Another problem with your code (unless you meant to do this) is that you define a dictionary d and then when you define your function, you are working on this dictionary d and not the dictionary that is 'input':
def RootFunc(inputDict):
for k,v in inputDict.items():
if v[0]==1:
d[k] = addFunc(*v[1:])
Are you planning to always change d and not the dictionary that you are iterating over, inputDict?
There may be other issues as well (accepting a variable number of arguments within your functions, for instance), but it's good to address one problem at a time.
Additional Notes on Functions:
Here's some sort-of pseudocode that attempts to convey how functions are often used:
def sample_function(some_data):
modified_data = []
for element in some_data:
do some processing
add processed crap to modified_data
return modified_data
Functions are considered 'black box', which means you structure them so that you can dump some data into them and they always do the same stuff and you can call them over and over again. They will either return values or yield values or update some value or attribute or something (the latter are called 'side effects'). For the moment, just pay attention to the return statement.
Another interesting thing is that functions have 'scope' which means that when I just defined it with a fake-name for the argument, I don't actually have to have a variable called "some_data". I can pass whatever I want to the function, but inside the function I can refer to the fake name and create other variables that really only matter within the context of the function.
Now, if we run my function above, it will go ahead and process the data:
sample_function(my_data_set)
But this is often kind of pointless because the function is supposed to return something and I didn't do anything with what it returned. What I should do is assign the value of the function and its arguments to some container so I can keep the processed information.
my_modified_data = sample_function(my_data_set)
This is a really common way to use functions and you'll probably see it again.
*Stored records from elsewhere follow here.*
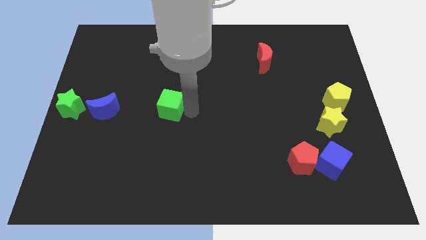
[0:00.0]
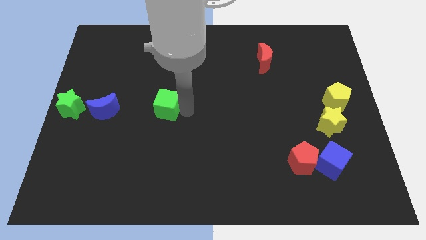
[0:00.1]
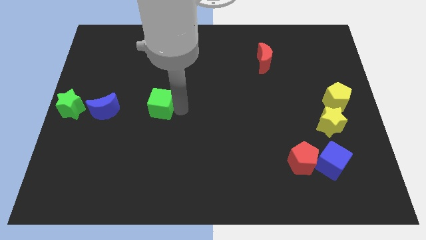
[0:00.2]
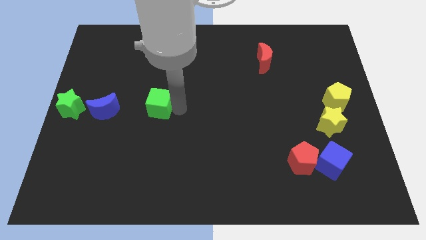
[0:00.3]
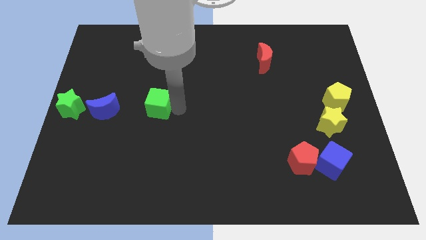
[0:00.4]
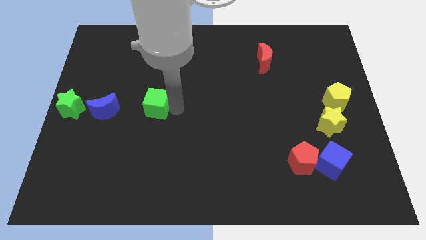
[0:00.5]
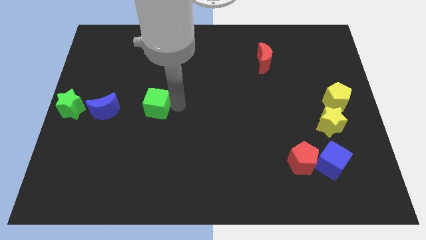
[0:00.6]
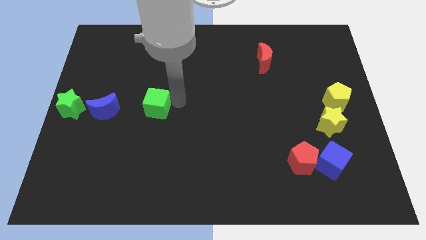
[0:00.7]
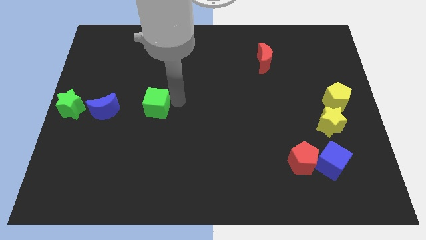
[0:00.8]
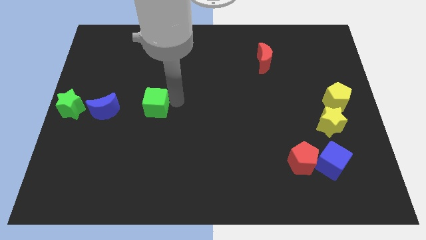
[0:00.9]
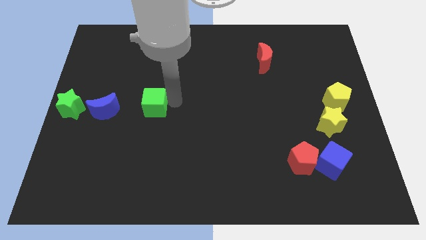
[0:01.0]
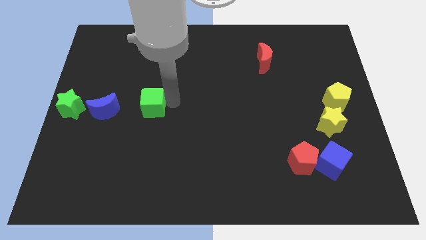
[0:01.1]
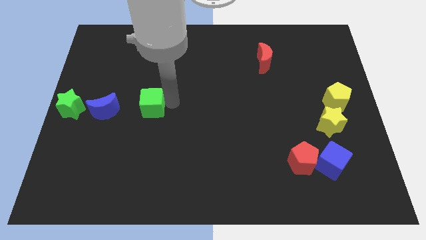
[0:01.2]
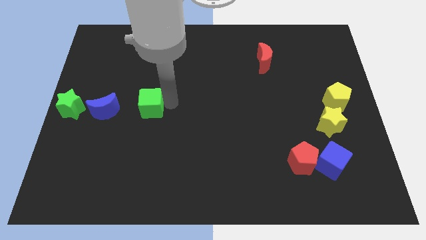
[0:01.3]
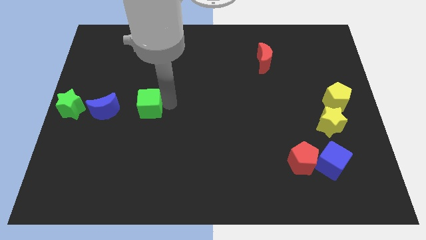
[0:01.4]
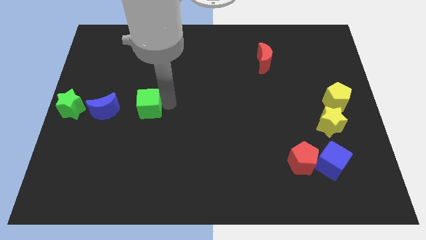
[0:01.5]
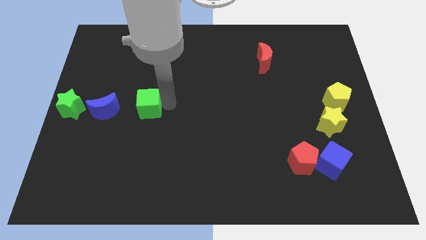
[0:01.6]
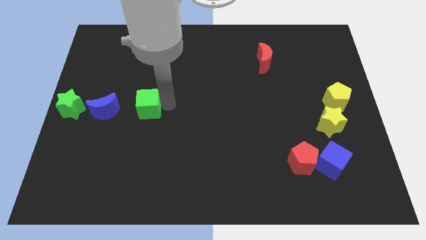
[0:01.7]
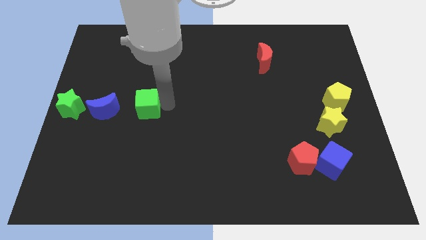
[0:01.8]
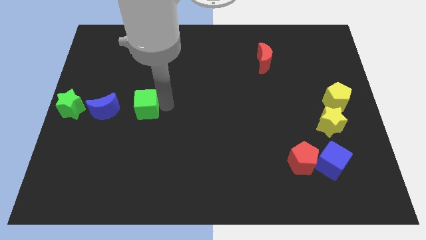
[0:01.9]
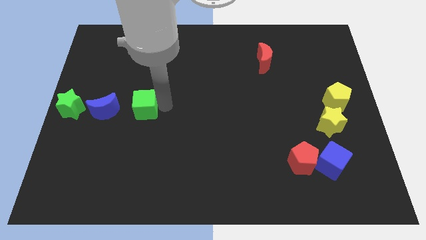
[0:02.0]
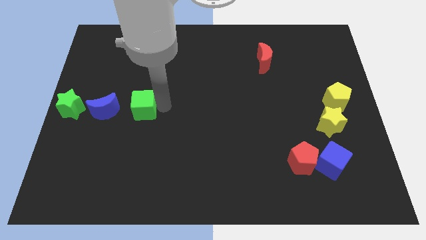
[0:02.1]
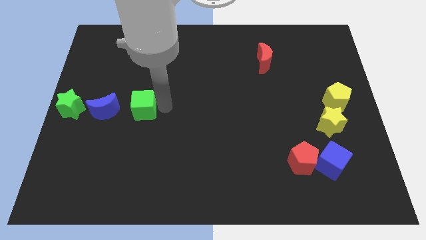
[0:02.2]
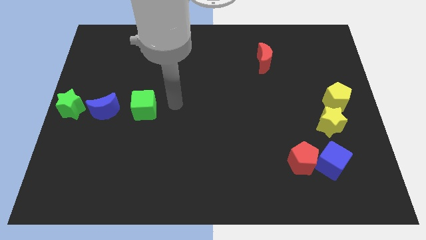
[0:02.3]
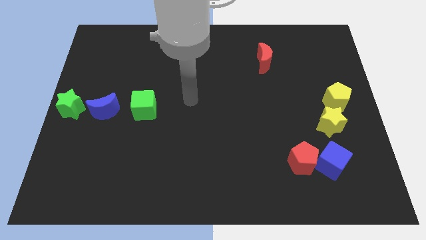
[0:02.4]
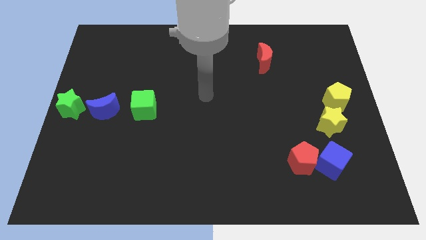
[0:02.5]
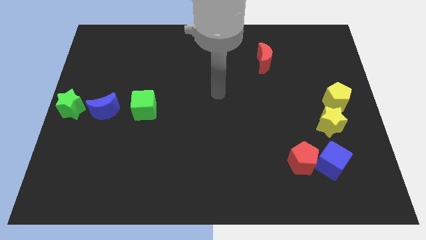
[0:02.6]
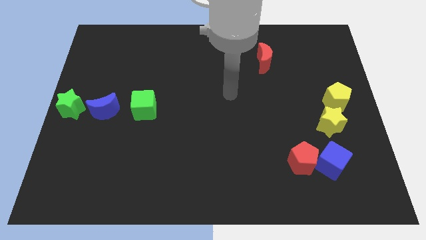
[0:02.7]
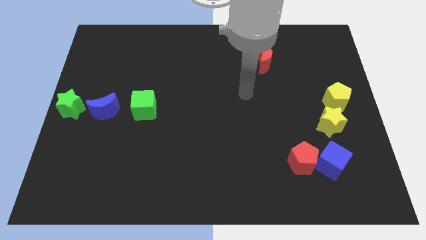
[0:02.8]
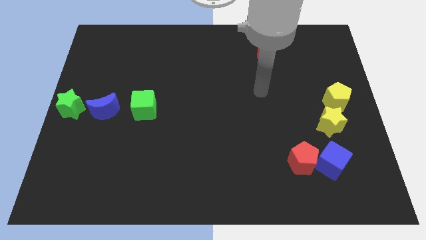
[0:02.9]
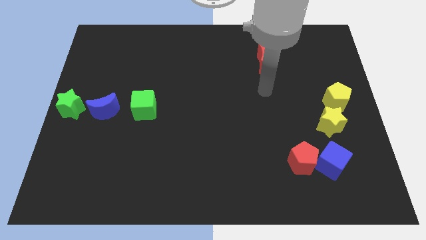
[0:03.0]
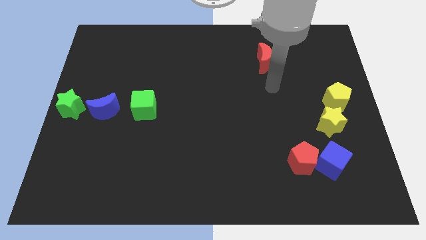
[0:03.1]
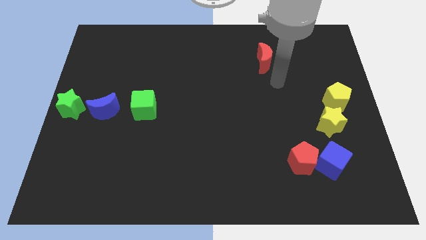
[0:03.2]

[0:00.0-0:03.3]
move the green cube closer to the blue moon

One Simple Way to Approach Your Problem:
Taking all this into consideration, here is one way to solve your problem that comes from a really common programming paradigm:
def RootFunc(inputDict):
temp_dict = {}
for k,v in inputDict.items():
if v[0]==1:
temp_dict[k] = addFunc(*v[1:])
elif v[0] ==2:
temp_dict[k] = subABC(*v[1:])
elif v[0]==3:
temp_dict[k] = doublePower(*v[1:])
return temp_dict
inputDict={"s1_7":[1,5,2],"d1_6":[2,12,3,3],"e1_3200":[3,40,2],"s2_13":[1,6,7],"d2_30"[2,42,2,10]}
final_dict = RootFunc(inputDict)
As erewok stated, you are using "print" and not "return" which may be the source of your error. And as far as the ordering is concerned, you already know that dictionaries are unordered, according to python doc at least, the ordering is not random, but rather implemented as hash tables.
Excerpt from the python doc: [...]A mapping object maps hashable values to arbitrary objects. Mappings are mutable objects. There is currently only one standard mapping type, the dictionary. [...]
Now key here is that the order of the element is not really random. I have often noticed that the order stays the same no matter how I construct a dictionary on some values... using lambda or just creating it outright, the order has always remained the same, so it can't be random, but it's definitely arbitrary.